Astor markhor

Scientific classification
- Kingdom: Animalia
- Phylum: Chordata
- Class: Mammalia
- Order: Artiodactyla
- Family: Bovidae
- Subfamily: Caprinae
- Genus: Capra
- Species: C. falconeri
- Subspecies: C. f. falconeri
- Trinomial name: Capra falconeri falconeri (Wagner, 1839)
- Synonyms: Aegoceros falconeri falconeri Wagner, 1839

= Astor markhor =

Markhor subspecies native to Kashmir and northern Pakistan

The Astor markhor (Capra falconeri falconeri) or flare-horned markhor is a markhor subspecies native to Afghanistan, Pakistan and India.

==Ecology==
The Astor markhor lives in the scrubland and open woodland that clothe the rugged slopes of the mountains among which it lives at altitudes of up to 3600 m. It seldom goes above the tree line; in summer it feeds largely on grasses and leaves but in winter it mainly browses on shrubs and woody material. One or two kids are born after a gestation period of 135 to 170 days. The goats are hunted by snow leopards, wolves and lynx, and the kids may fall prey to golden eagles.

==Status==
A 2024–25 survey by the Government of Gilgit-Baltistan in the five districts of Astore, Diamer, Gilgit, Skardu and Nagar counted 1,693 Astor markhors. The highest concentration was in Astore at 693 individuals, followed by Gilgit and Diamer with 433 each.
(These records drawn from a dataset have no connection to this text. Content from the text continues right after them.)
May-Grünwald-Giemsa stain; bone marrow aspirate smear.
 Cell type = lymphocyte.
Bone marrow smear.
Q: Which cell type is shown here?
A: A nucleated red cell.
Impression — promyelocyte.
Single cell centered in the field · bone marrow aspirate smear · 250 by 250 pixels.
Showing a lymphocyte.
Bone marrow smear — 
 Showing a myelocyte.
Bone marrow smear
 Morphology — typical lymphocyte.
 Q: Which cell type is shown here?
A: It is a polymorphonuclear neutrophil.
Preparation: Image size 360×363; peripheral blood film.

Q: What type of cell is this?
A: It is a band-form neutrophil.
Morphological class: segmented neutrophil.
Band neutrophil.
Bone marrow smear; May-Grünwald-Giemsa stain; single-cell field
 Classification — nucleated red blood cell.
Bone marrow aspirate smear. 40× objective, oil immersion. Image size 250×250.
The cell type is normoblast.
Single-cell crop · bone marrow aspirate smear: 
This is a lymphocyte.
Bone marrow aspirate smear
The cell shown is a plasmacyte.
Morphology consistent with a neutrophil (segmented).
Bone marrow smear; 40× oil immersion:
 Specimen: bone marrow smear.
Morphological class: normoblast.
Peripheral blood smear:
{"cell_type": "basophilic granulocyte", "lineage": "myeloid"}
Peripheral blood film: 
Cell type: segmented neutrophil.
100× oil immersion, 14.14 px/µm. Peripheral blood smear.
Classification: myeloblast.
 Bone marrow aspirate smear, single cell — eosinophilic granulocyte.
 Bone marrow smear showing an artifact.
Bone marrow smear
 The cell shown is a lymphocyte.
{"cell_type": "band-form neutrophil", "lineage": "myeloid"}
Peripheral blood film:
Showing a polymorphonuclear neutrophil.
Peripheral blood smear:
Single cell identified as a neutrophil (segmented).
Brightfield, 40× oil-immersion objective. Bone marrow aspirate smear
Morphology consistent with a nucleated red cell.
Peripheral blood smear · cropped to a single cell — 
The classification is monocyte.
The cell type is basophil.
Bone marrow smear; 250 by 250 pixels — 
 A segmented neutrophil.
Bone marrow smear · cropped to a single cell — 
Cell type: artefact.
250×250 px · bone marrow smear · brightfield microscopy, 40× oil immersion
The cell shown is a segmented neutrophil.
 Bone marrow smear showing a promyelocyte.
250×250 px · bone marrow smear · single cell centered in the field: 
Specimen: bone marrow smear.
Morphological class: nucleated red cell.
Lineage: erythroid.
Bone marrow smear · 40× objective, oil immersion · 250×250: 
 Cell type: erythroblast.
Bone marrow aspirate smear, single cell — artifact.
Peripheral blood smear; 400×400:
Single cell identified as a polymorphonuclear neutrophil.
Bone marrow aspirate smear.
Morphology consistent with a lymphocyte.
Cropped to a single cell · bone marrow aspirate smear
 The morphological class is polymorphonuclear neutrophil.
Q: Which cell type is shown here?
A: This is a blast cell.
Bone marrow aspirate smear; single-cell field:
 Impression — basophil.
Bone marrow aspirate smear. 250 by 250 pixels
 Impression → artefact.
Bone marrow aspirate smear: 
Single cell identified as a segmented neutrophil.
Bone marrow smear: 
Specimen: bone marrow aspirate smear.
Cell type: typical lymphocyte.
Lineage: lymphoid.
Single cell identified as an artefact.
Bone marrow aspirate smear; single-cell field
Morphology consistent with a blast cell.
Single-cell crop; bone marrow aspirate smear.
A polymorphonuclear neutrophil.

In 2021, the count of Kashmir markhors at Chitral Gol National Park stood at 2,278. Surveys in 2019–21 survey estimated 7,579 individuals of Capra falconeri in northern Pakistan.

The 2011 estimate for the total population is around 5,800 individuals, divided into several sub-populations, with only one exceeding 1,000 individuals. The main threat they face is being hunted. Even where the animal is protected by legislation as in Afghanistan, poaching takes place and the ban on hunting is not enforced.

In India it is fully protected and is present in three wildlife reserves, the Limber Wildlife Sanctuary, and the Lachipora Wildlife Sanctuary and the Hirapora Wildlife Sanctuary. These three areas are planned to be combined to create the Kazinag National Park in order to protect the Astor markhor and other mammals such as the snow leopard and the Himalayan brown bear. In Pakistan, the Astor markhor is present in Naltar Wildlife Sanctuary in the northern part of the country.